The Position of Model Initialization Code Matters？

KindXiaoming / pykan

Kolmogorov Arnold Networks

MIT License

14.43k stars 1.32k forks source link

The Position of Model Initialization Code Matters？ #381

Closed Rashfu closed 3 weeks ago

Rashfu commented 1 month ago

I used the simple example from the tutorial. When I simply moved the line model = KAN(width=[2,5,1], grid=5, k=3, seed=1), I was able to get better fitting results. Should we always define the dataset first and then initialize the model? I'm not sure what is happening.

KindXiaoming commented 1 month ago

I guess seeding plays subtle roles. Please try other seeds and see if this persists.

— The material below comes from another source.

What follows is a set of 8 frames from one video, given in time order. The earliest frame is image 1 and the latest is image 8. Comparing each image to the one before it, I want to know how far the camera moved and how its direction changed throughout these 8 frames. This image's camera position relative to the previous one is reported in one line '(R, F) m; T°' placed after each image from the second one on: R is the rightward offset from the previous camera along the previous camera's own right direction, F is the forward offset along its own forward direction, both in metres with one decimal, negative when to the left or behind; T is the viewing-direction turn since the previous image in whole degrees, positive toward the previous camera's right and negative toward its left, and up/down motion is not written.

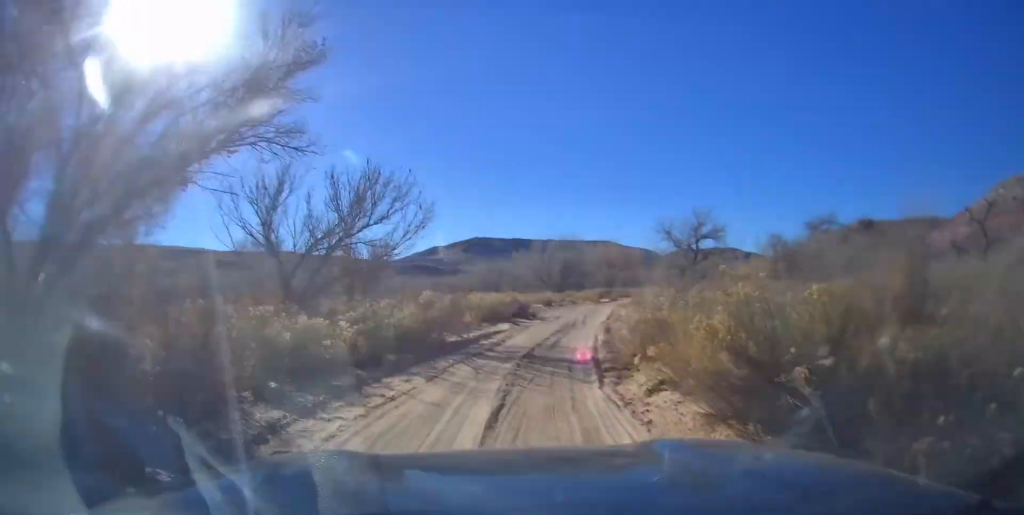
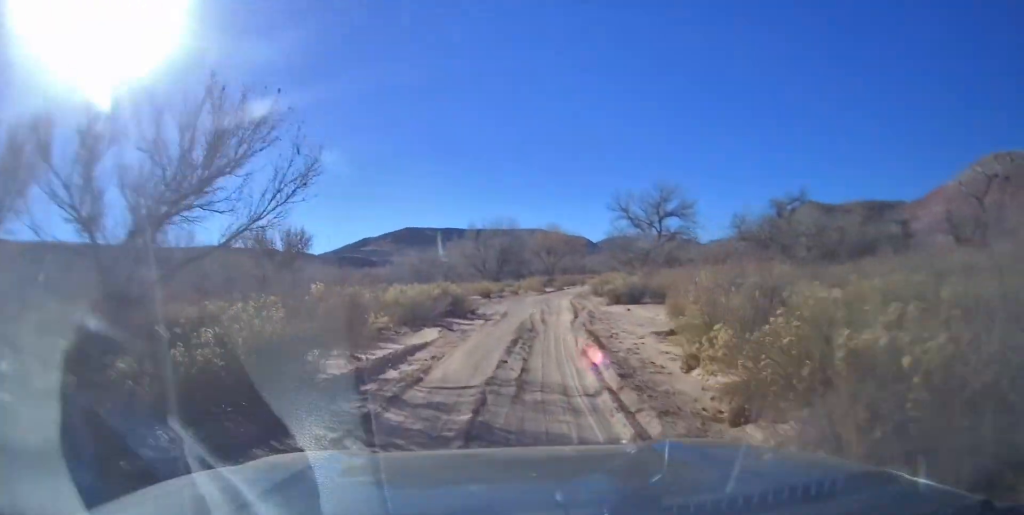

Rashfu commented 1 month ago

Thanks for your prompt reply!

I tried using different seeds, and some results were normal while others resulted in redundant functions. Could you explain which parts of the algorithm are affected by changing the seed, leading to instability in the optimization results? Based on my experience with training neural networks, the seed should only affect the training process but should not change the network’s final fitting performance. Can I assume that KAN is currently unable to consistently optimize to a local optimum?

KindXiaoming commented 1 month ago

A few possibilities: (1) small networks (no matter KANs or MLPs or whatever) have more bad local minima than overparameterized networks. (2) LBFGS may get stuck at local minima. (3) I don't know if there is anything specific to KAN that makes it inconsistent.